Khan and Shah (2005) investigate on the evaluation of teaching behavior of the university teachers as perceived by their students. Students are considered to make better evaluations if they have some set standard to assess. Some characteristics of effective teaching highlighted were clearness of lecture, changeability, enthusiasm, the point of reference of tasks and opportunity for students to learn. The purpose of the study was to find out the degree to which the 14 principles of Morton C. Shipley were used at the University of Gomal. Moreover, to find out the effort put in by teachers in terms of individual differences, teaching styles and guidelines to students. A questionnaire was developed and distributed to random students from the Social Science and Physical Science department. An analysis of any four teachers was required by students. The results implied that no considerable difference was found among the mean scores of teachers belonging to the Physical Science department, whereas, a minor difference was there in the case of the Social Science department. Furthermore, the F-ratios were calculated signifying dissimilarity in the comments of students for both the departments. This highlights the presence of certain biases that lead to varying results.

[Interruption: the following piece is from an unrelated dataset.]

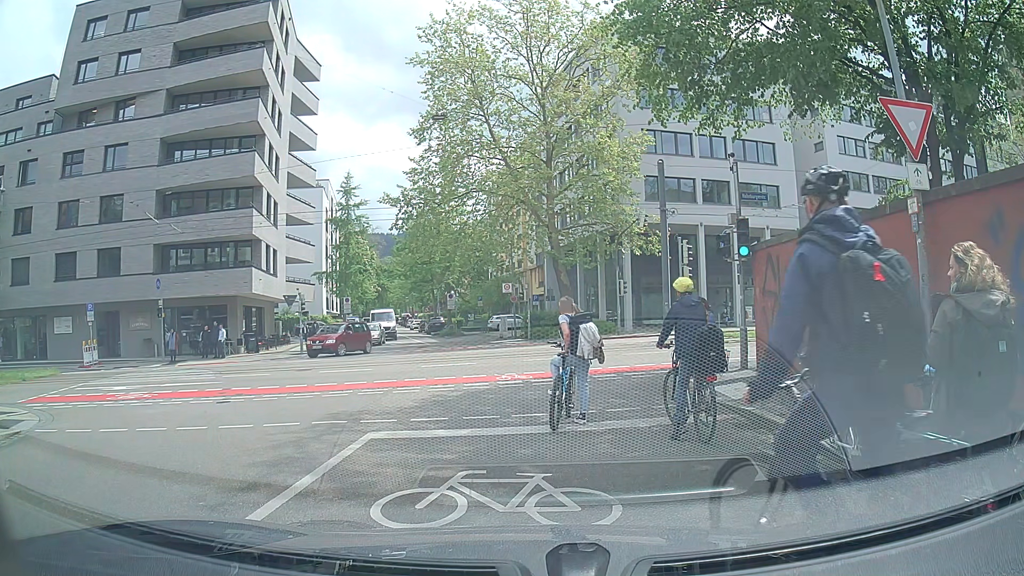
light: Day
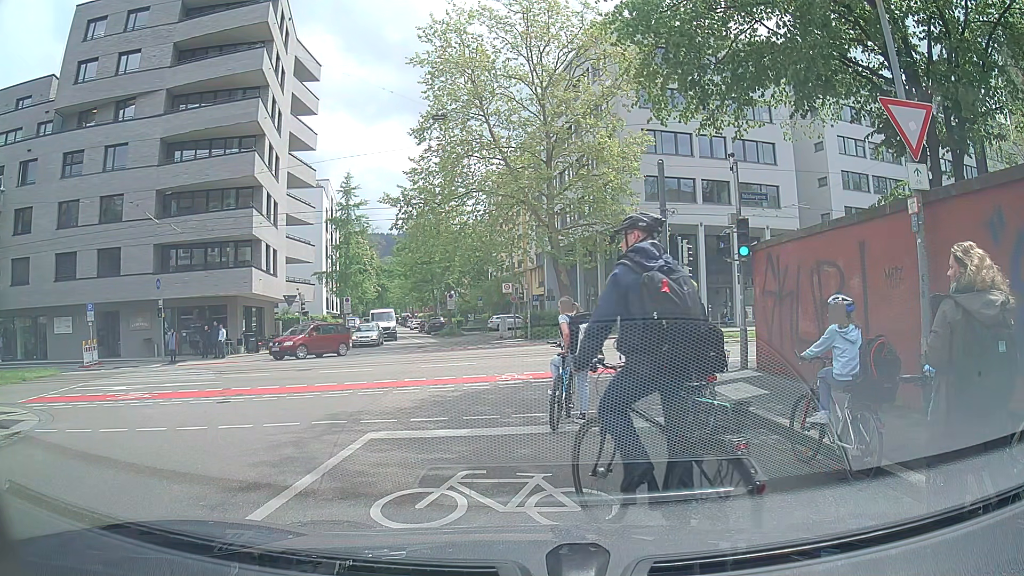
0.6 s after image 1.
(0.0, 0.0) m; 0°
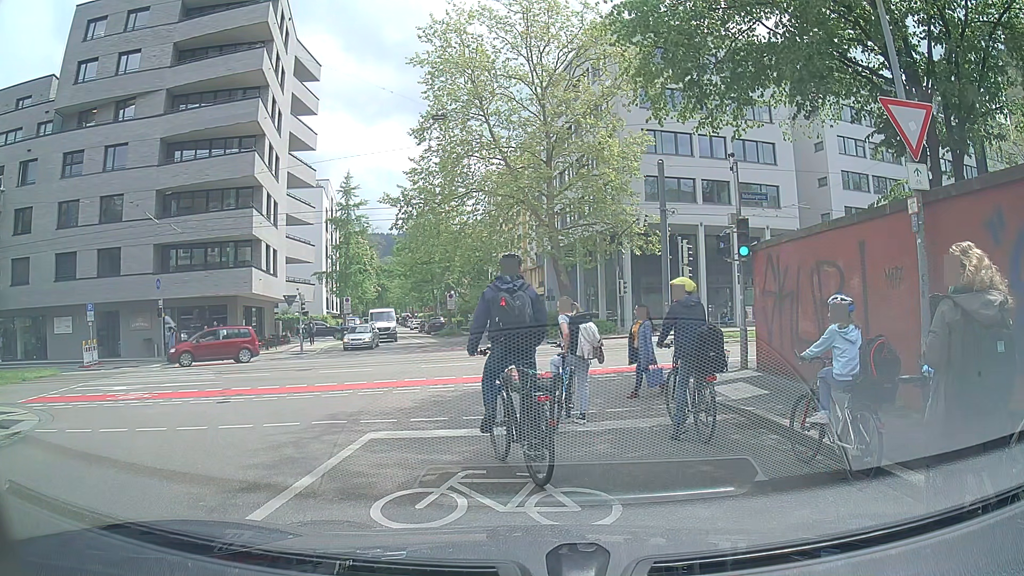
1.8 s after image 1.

Rowley (2003) carried out a research on designing student feedback questionnaires. The study accentuates that there is a need for redesigning questionnaires as SETs are widely used in many universities for summative decisions. There are increasing concerns regarding whether students are capable of evaluating their instructors immediately or after three years of studying the course? In addition, biases are found more in questions pertaining to performance rather than other assessment criteria. Questionnaire design is of supreme importance and should answer a few major questions like the objectives of the evaluation process i.e. its serves as a feedback for instructors, provides a platform to students where they can express themselves freely and so on. Secondly, questionnaires should be developed to serve a number of purposes i.e. they ought to be standardized, reliable and comparable. Thirdly, important issues should be addressed in the questionnaire i.e. they should discuss those issues that students are competent enough to judge. Fourthly, the procedure to collect, analyze and utilize data i.e. anonymity should be ensured and protection maintained at all ends. In terms of data collection research suggests a distribution via mail, central point or tutors; in case of analysis a report on the entire data can be used at different places where needed; and for data usage it should be revealed to all the concerned parties. Thus, if the questionnaire is designed in the care of all the proposed questions then it is likely to yield accurate results.